When you output the records, match them exactly and omit any picture they include.

################

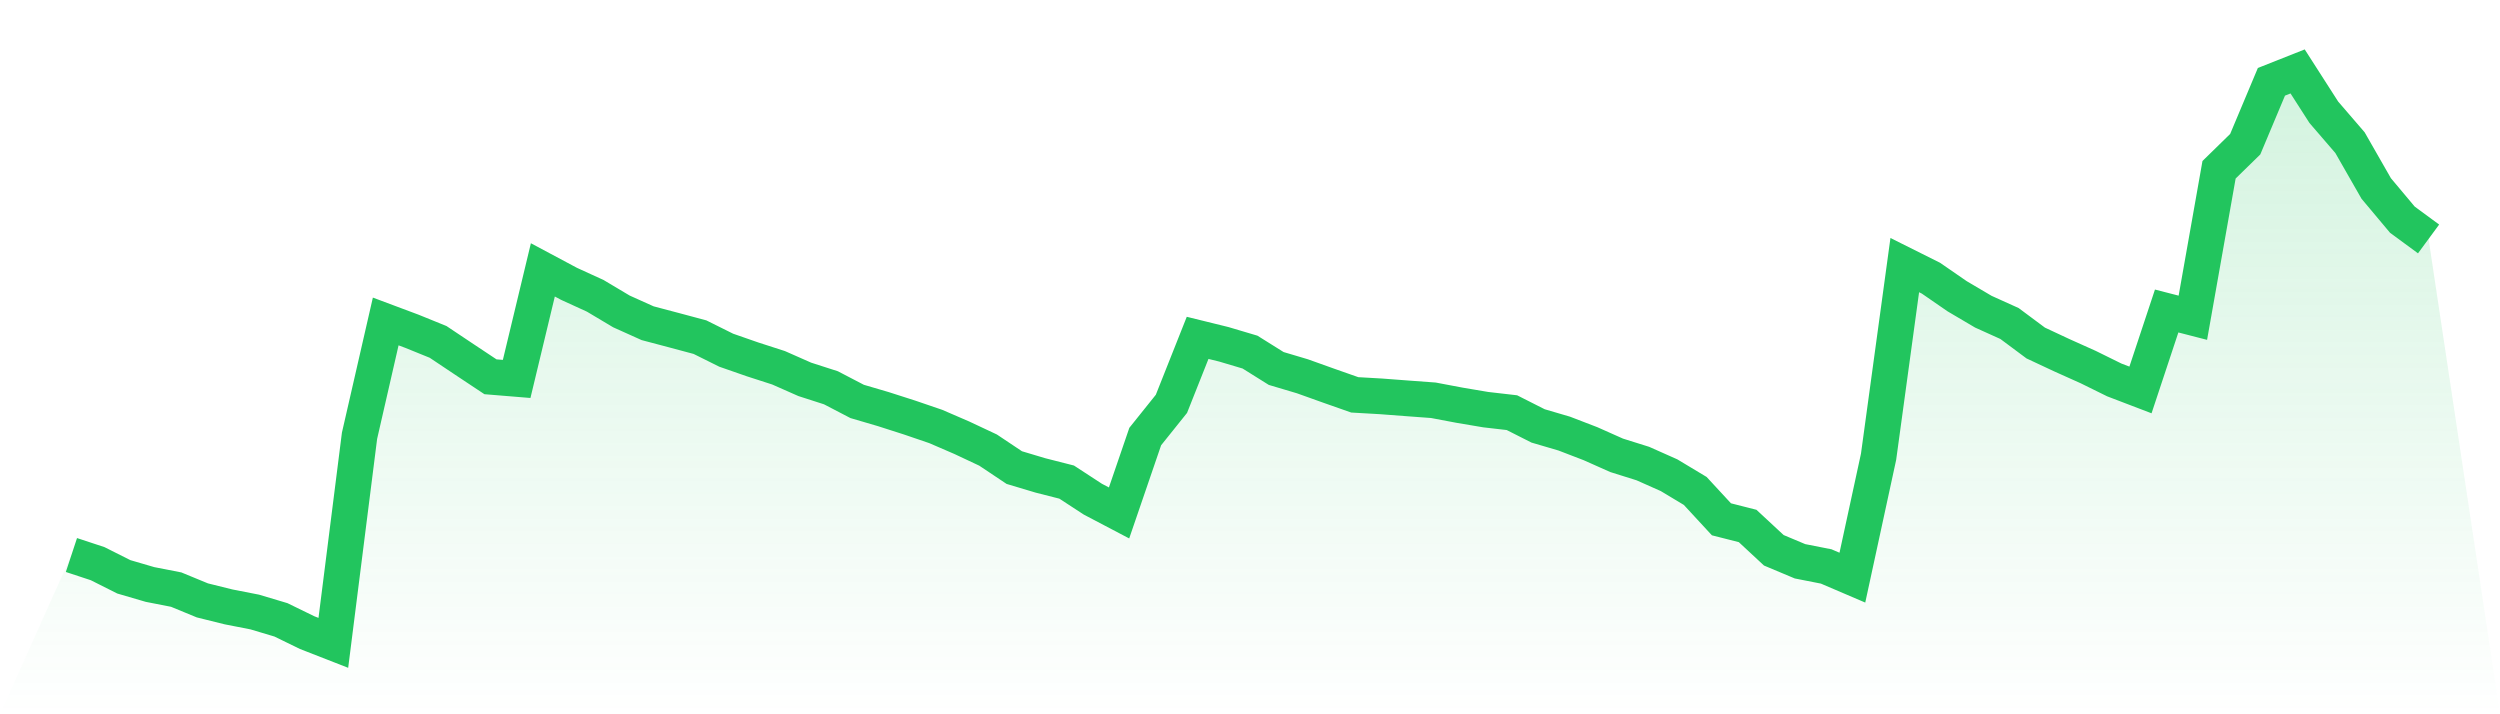 <svg viewBox="0 0 140 40" xmlns="http://www.w3.org/2000/svg">
<defs>
<linearGradient id="gradient" x1="0" x2="0" y1="0" y2="1">
<stop offset="0%" stop-color="#22c55e" stop-opacity="0.2"/>
<stop offset="100%" stop-color="#22c55e" stop-opacity="0"/>
</linearGradient>
</defs>
<path d="M4,31.081 L4,31.081 L5.467,31.565 L6.933,32.302 L8.4,32.731 L9.867,33.018 L11.333,33.622 L12.8,33.986 L14.267,34.273 L15.733,34.711 L17.2,35.427 L18.667,36 L20.133,24.403 L21.6,18.002 L23.067,18.551 L24.533,19.146 L26,20.126 L27.467,21.1 L28.933,21.22 L30.4,15.113 L31.867,15.896 L33.333,16.566 L34.8,17.44 L36.267,18.1 L37.733,18.488 L39.2,18.881 L40.667,19.611 L42.133,20.122 L43.6,20.596 L45.067,21.244 L46.533,21.716 L48,22.48 L49.467,22.911 L50.933,23.381 L52.4,23.882 L53.867,24.516 L55.333,25.205 L56.8,26.185 L58.267,26.624 L59.733,26.997 L61.2,27.954 L62.667,28.725 L64.133,24.446 L65.6,22.615 L67.067,18.92 L68.533,19.281 L70,19.717 L71.467,20.635 L72.933,21.071 L74.4,21.596 L75.867,22.112 L77.333,22.196 L78.8,22.307 L80.267,22.415 L81.733,22.692 L83.2,22.94 L84.667,23.109 L86.133,23.851 L87.6,24.282 L89.067,24.846 L90.533,25.499 L92,25.959 L93.467,26.612 L94.933,27.493 L96.4,29.081 L97.867,29.454 L99.333,30.816 L100.8,31.432 L102.267,31.721 L103.733,32.348 L105.2,25.578 L106.667,14.846 L108.133,15.578 L109.6,16.59 L111.067,17.455 L112.533,18.117 L114,19.209 L115.467,19.895 L116.933,20.553 L118.4,21.276 L119.867,21.837 L121.333,17.416 L122.8,17.794 L124.267,9.507 L125.733,8.074 L127.2,4.581 L128.667,4 L130.133,6.286 L131.6,7.989 L133.067,10.553 L134.533,12.302 L136,13.381 L140,40 L0,40 z" fill="url(#gradient)"/>
<path d="M4,31.081 L4,31.081 L5.467,31.565 L6.933,32.302 L8.4,32.731 L9.867,33.018 L11.333,33.622 L12.8,33.986 L14.267,34.273 L15.733,34.711 L17.2,35.427 L18.667,36 L20.133,24.403 L21.6,18.002 L23.067,18.551 L24.533,19.146 L26,20.126 L27.467,21.1 L28.933,21.22 L30.4,15.113 L31.867,15.896 L33.333,16.566 L34.8,17.44 L36.267,18.1 L37.733,18.488 L39.2,18.881 L40.667,19.611 L42.133,20.122 L43.6,20.596 L45.067,21.244 L46.533,21.716 L48,22.48 L49.467,22.911 L50.933,23.381 L52.4,23.882 L53.867,24.516 L55.333,25.205 L56.8,26.185 L58.267,26.624 L59.733,26.997 L61.2,27.954 L62.667,28.725 L64.133,24.446 L65.6,22.615 L67.067,18.92 L68.533,19.281 L70,19.717 L71.467,20.635 L72.933,21.071 L74.4,21.596 L75.867,22.112 L77.333,22.196 L78.8,22.307 L80.267,22.415 L81.733,22.692 L83.2,22.94 L84.667,23.109 L86.133,23.851 L87.6,24.282 L89.067,24.846 L90.533,25.499 L92,25.959 L93.467,26.612 L94.933,27.493 L96.4,29.081 L97.867,29.454 L99.333,30.816 L100.8,31.432 L102.267,31.721 L103.733,32.348 L105.2,25.578 L106.667,14.846 L108.133,15.578 L109.6,16.59 L111.067,17.455 L112.533,18.117 L114,19.209 L115.467,19.895 L116.933,20.553 L118.4,21.276 L119.867,21.837 L121.333,17.416 L122.8,17.794 L124.267,9.507 L125.733,8.074 L127.2,4.581 L128.667,4 L130.133,6.286 L131.6,7.989 L133.067,10.553 L134.533,12.302 L136,13.381" fill="none" stroke="#22c55e" stroke-width="2"/>
</svg>

################

_TASK SOLUTION_.
 <svg viewBox="0 0 140 40" xmlns="http://www.w3.org/2000/svg">
<defs>
<linearGradient id="gradient" x1="0" x2="0" y1="0" y2="1">
<stop offset="0%" stop-color="#22c55e" stop-opacity="0.2"/>
<stop offset="100%" stop-color="#22c55e" stop-opacity="0"/>
</linearGradient>
</defs>
<path d="M4,31.081 L4,31.081 L5.467,31.565 L6.933,32.302 L8.4,32.731 L9.867,33.018 L11.333,33.622 L12.8,33.986 L14.267,34.273 L15.733,34.711 L17.2,35.427 L18.667,36 L20.133,24.403 L21.6,18.002 L23.067,18.551 L24.533,19.146 L26,20.126 L27.467,21.1 L28.933,21.22 L30.4,15.113 L31.867,15.896 L33.333,16.566 L34.8,17.44 L36.267,18.1 L37.733,18.488 L39.2,18.881 L40.667,19.611 L42.133,20.122 L43.6,20.596 L45.067,21.244 L46.533,21.716 L48,22.48 L49.467,22.911 L50.933,23.381 L52.4,23.882 L53.867,24.516 L55.333,25.205 L56.8,26.185 L58.267,26.624 L59.733,26.997 L61.2,27.954 L62.667,28.725 L64.133,24.446 L65.6,22.615 L67.067,18.92 L68.533,19.281 L70,19.717 L71.467,20.635 L72.933,21.071 L74.4,21.596 L75.867,22.112 L77.333,22.196 L78.8,22.307 L80.267,22.415 L81.733,22.692 L83.2,22.94 L84.667,23.109 L86.133,23.851 L87.6,24.282 L89.067,24.846 L90.533,25.499 L92,25.959 L93.467,26.612 L94.933,27.493 L96.4,29.081 L97.867,29.454 L99.333,30.816 L100.8,31.432 L102.267,31.721 L103.733,32.348 L105.2,25.578 L106.667,14.846 L108.133,15.578 L109.6,16.59 L111.067,17.455 L112.533,18.117 L114,19.209 L115.467,19.895 L116.933,20.553 L118.4,21.276 L119.867,21.837 L121.333,17.416 L122.8,17.794 L124.267,9.507 L125.733,8.074 L127.2,4.581 L128.667,4 L130.133,6.286 L131.6,7.989 L133.067,10.553 L134.533,12.302 L136,13.381 L140,40 L0,40 z" fill="url(#gradient)"/>
<path d="M4,31.081 L4,31.081 L5.467,31.565 L6.933,32.302 L8.4,32.731 L9.867,33.018 L11.333,33.622 L12.8,33.986 L14.267,34.273 L15.733,34.711 L17.2,35.427 L18.667,36 L20.133,24.403 L21.6,18.002 L23.067,18.551 L24.533,19.146 L26,20.126 L27.467,21.1 L28.933,21.22 L30.4,15.113 L31.867,15.896 L33.333,16.566 L34.8,17.44 L36.267,18.1 L37.733,18.488 L39.2,18.881 L40.667,19.611 L42.133,20.122 L43.6,20.596 L45.067,21.244 L46.533,21.716 L48,22.48 L49.467,22.911 L50.933,23.381 L52.4,23.882 L53.867,24.516 L55.333,25.205 L56.8,26.185 L58.267,26.624 L59.733,26.997 L61.2,27.954 L62.667,28.725 L64.133,24.446 L65.6,22.615 L67.067,18.92 L68.533,19.281 L70,19.717 L71.467,20.635 L72.933,21.071 L74.4,21.596 L75.867,22.112 L77.333,22.196 L78.8,22.307 L80.267,22.415 L81.733,22.692 L83.2,22.94 L84.667,23.109 L86.133,23.851 L87.6,24.282 L89.067,24.846 L90.533,25.499 L92,25.959 L93.467,26.612 L94.933,27.493 L96.4,29.081 L97.867,29.454 L99.333,30.816 L100.8,31.432 L102.267,31.721 L103.733,32.348 L105.2,25.578 L106.667,14.846 L108.133,15.578 L109.6,16.59 L111.067,17.455 L112.533,18.117 L114,19.209 L115.467,19.895 L116.933,20.553 L118.4,21.276 L119.867,21.837 L121.333,17.416 L122.8,17.794 L124.267,9.507 L125.733,8.074 L127.2,4.581 L128.667,4 L130.133,6.286 L131.6,7.989 L133.067,10.553 L134.533,12.302 L136,13.381" fill="none" stroke="#22c55e" stroke-width="2"/>
</svg>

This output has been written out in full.